When Pombal assumed the reins of government in 1750 the population of
Portugal had been reduced to less than 2,000,000: there was neither
agriculture, manufactures, army nor navy. Perceiving this state of
affairs, and recognizing the cause of it, Pombal caused the vines to
be torn up by the roots and corn planted in their place. Ruffianism
was crushed, the Jesuits were banished, the nobility were taught
to respect the civil law, the peasantry were encouraged. After
twenty-seven years of reforms and prosperity Pombal was dismissed
from office and the old abuses were reinstated, among them those worst
incidents of emphyteusis which had been devised by the base ring of
nobles and ecclesiastics who held the land in their grasp.
These abuses remained without material change until 1832, and thus you
have a complete history of emphyteusis from the first to the last day
of its institution in Portugal. In truth, however, its last day has
not come even yet, for many of its incidents still linger in the code
of laws.
Now for its effects on the land. What growth of forest trees had
followed the abolition of emphyteusis under the Gothic and Saracenic
monarchs was destroyed under the government of Christian nobles, and
to-day there is scarcely a tree in Portugal--the woods, including
fruit and nut trees, covering less than 400,000 out of 22,000,000
acres, the entire area of the country.

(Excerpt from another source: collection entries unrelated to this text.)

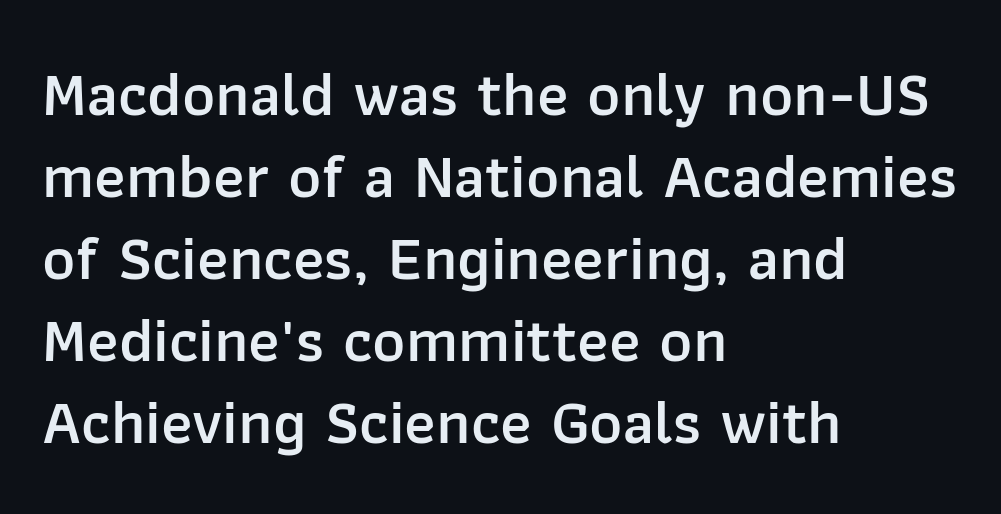
Font category for this specimen: sans-serif. In terms of letterspacing, this is plain default setting. Strokes here are thickened, but only to semibold level. Characters remain perfectly vertical along every line. Leading matches the norm, producing a regular column.
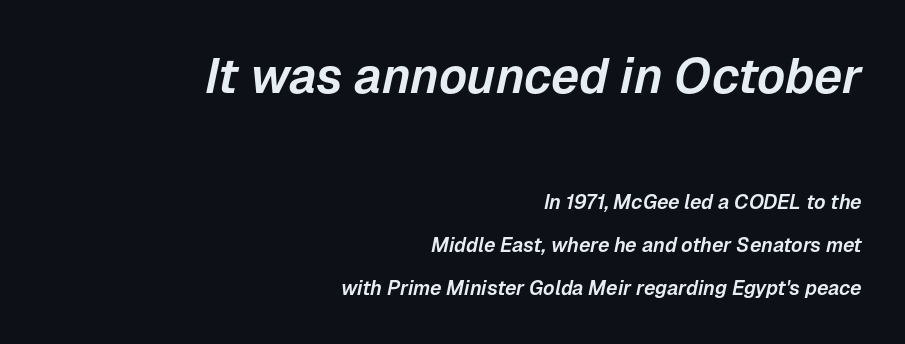
Q: Is the text italic (slanted)? A: Yes, it leans right by about 12 degrees.
Q: Is the text underlined? A: No.
Q: How is the paragraph aligned? A: Right-aligned.
Q: Is the spacing between letters normal or unusually wide? A: Normal.
Q: Is the spacing between lines tight, normal or loose? A: Loose.
Q: Which block of text is set in a larger size, the first (top) or the second (bottom)? A: The first (top) one.
Q: Width (condensed, normal, or wide)? A: Normal.
Q: Stroke contrast? A: Low.
Q: x-height? A: Medium.
Q: Monospaced? A: No.
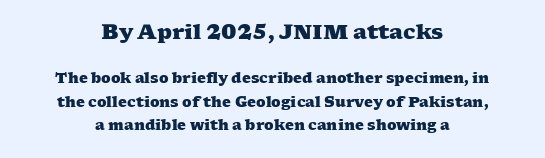
{"bold": "yes", "underline": "no", "align": "center", "line_spacing": "normal", "line_spacing_ratio": 1.67, "letter_spacing": "normal", "letter_spacing_em": 0.0, "larger_block": "first", "size_ratio": 1.43, "glyph_px": 20}
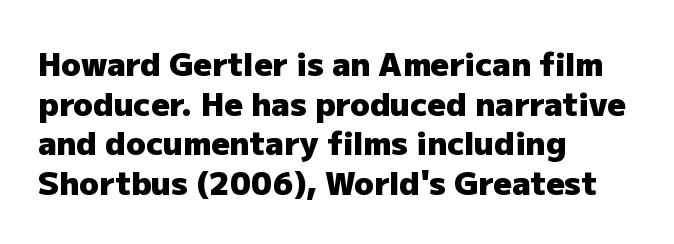
Q: Is the text bold? A: Yes.
Q: Is the text italic (slanted)? A: No, it is upright.
Q: Is the typeface a serif or a sans-serif typeface? A: Sans-serif.
Q: Is the text underlined? A: No.
Q: How is the paragraph aligned? A: Left-aligned.
Q: Is the spacing between letters normal or unusually wide? A: Normal.
Q: Width (condensed, normal, or wide)? A: Normal.
Q: Stroke contrast? A: Low.
Q: x-height? A: Medium.
Q: Monospaced? A: No.
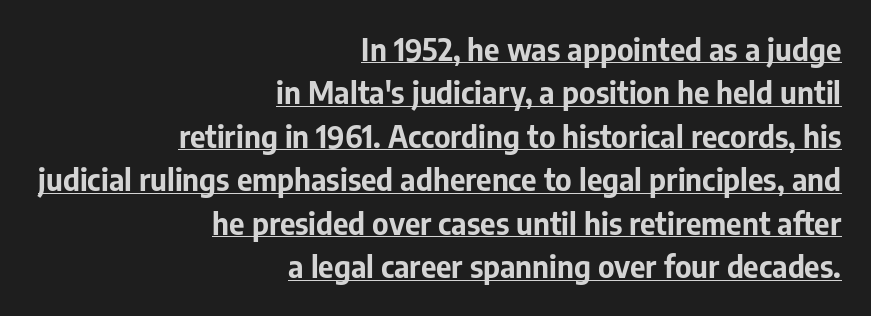
Q: Is the text bold? A: Yes.
Q: Is the text italic (slanted)? A: No, it is upright.
Q: Is the typeface a serif or a sans-serif typeface? A: Sans-serif.
Q: Is the text underlined? A: Yes.
Q: How is the paragraph aligned? A: Right-aligned.
Q: Is the spacing between letters normal or unusually wide? A: Normal.
Q: Is the spacing between lines tight, normal or loose? A: Normal.
Q: Width (condensed, normal, or wide)? A: Normal.
Q: Stroke contrast? A: Low.
Q: x-height? A: Medium.
Q: Monospaced? A: No.
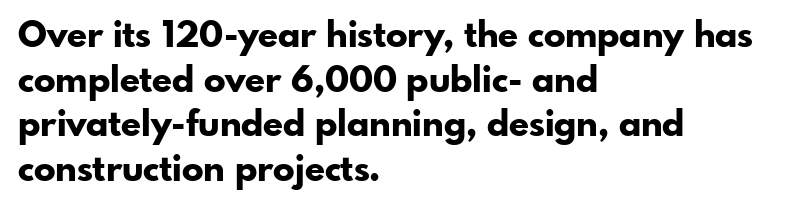
The type family on display is of the sans-serif kind. Honestly, the letter spacing is just normal — you wouldn't notice it. The passage shown is not underscored anywhere. Proportional: the letters do not fall into vertical columns. The axis of the letterforms is exactly vertical.

The destruction of the woods,
to say nothing of its effects upon the rainfall, caused the top soil
to be washed away, and thus impoverished the arable land, filling the
rivers with earth, rendering them innavigable, and converting them
from gently-flowing streams to devastating torrents, which annually
bestrew the valleys and plains with sand and stones.[2] In the next
place, emphyteusis has caused every kind of improvement to be avoided.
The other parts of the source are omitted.